## Given data
********************
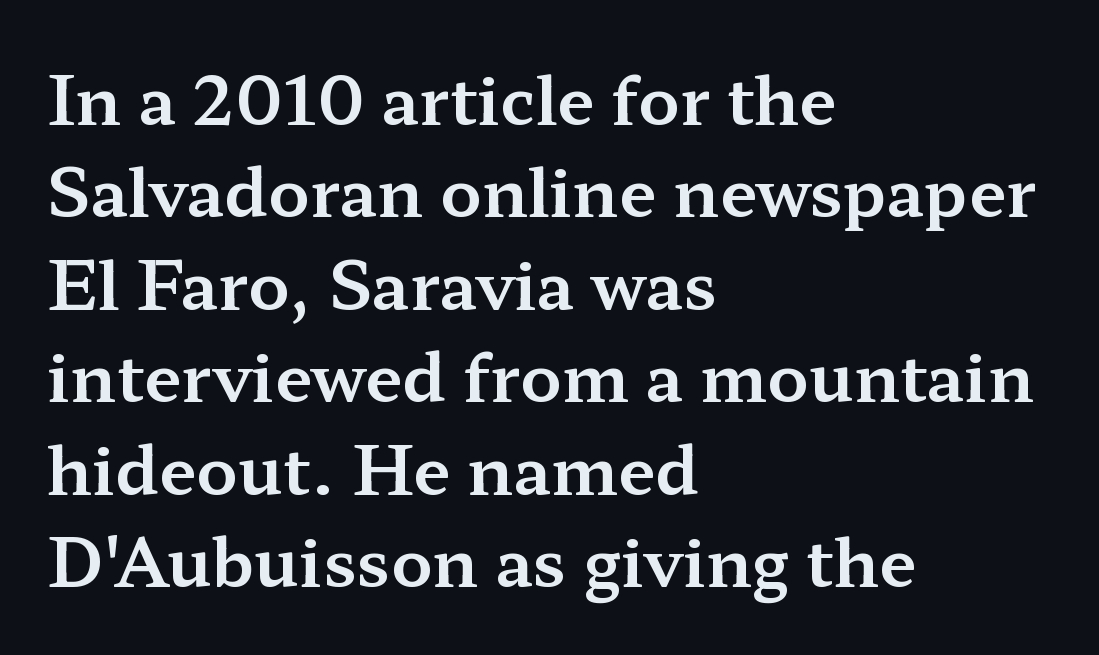
Q: Is the text italic (slanted)? A: No, it is upright.
Q: Is the typeface a serif or a sans-serif typeface? A: Serif.
Q: Is the text underlined? A: No.
Q: How is the paragraph aligned? A: Left-aligned.
Q: Is the spacing between letters normal or unusually wide? A: Normal.
Q: Is the spacing between lines tight, normal or loose? A: Normal.
Q: Width (condensed, normal, or wide)? A: Wide.
Q: Stroke contrast? A: Medium.
Q: x-height? A: Medium.
Q: Monospaced? A: No.
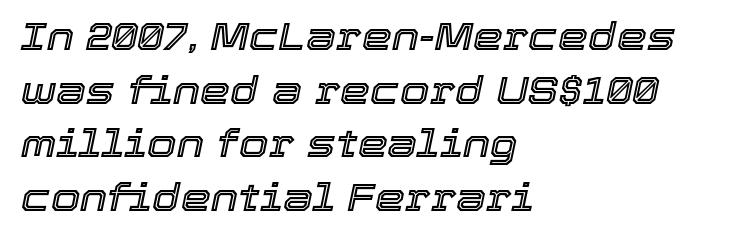
The string is rendered with underlining switched off. Think of a printed novel: that variable character pitch is what you see here. Is the letter spacing exaggerated? No — it looks like the ordinary default. Notice how descenders clear the ascenders below comfortably — that's standard leading. When letters slant like this, we call the style italic.
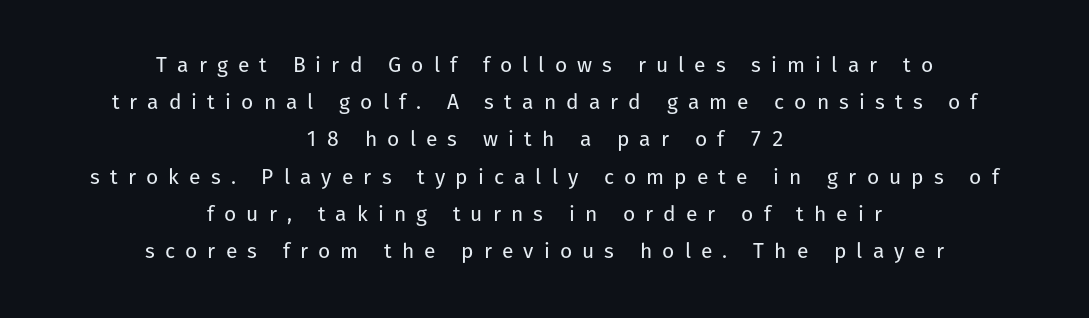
********************
## What needs to be done
Any pictures above are to be left out. Retype the rest of the records exactly.

## Output of the exercise
Q: Is the text italic (slanted)? A: No, it is upright.
Q: Is the typeface a serif or a sans-serif typeface? A: Serif.
Q: Is the text underlined? A: No.
Q: How is the paragraph aligned? A: Left-aligned.
Q: Is the spacing between letters normal or unusually wide? A: Normal.
Q: Is the spacing between lines tight, normal or loose? A: Normal.
Q: Width (condensed, normal, or wide)? A: Wide.
Q: Stroke contrast? A: Medium.
Q: x-height? A: Medium.
Q: Monospaced? A: No.
The string is rendered with underlining switched off. Think of a printed novel: that variable character pitch is what you see here. Is the letter spacing exaggerated? No — it looks like the ordinary default. Notice how descenders clear the ascenders below comfortably — that's standard leading. When letters slant like this, we call the style italic.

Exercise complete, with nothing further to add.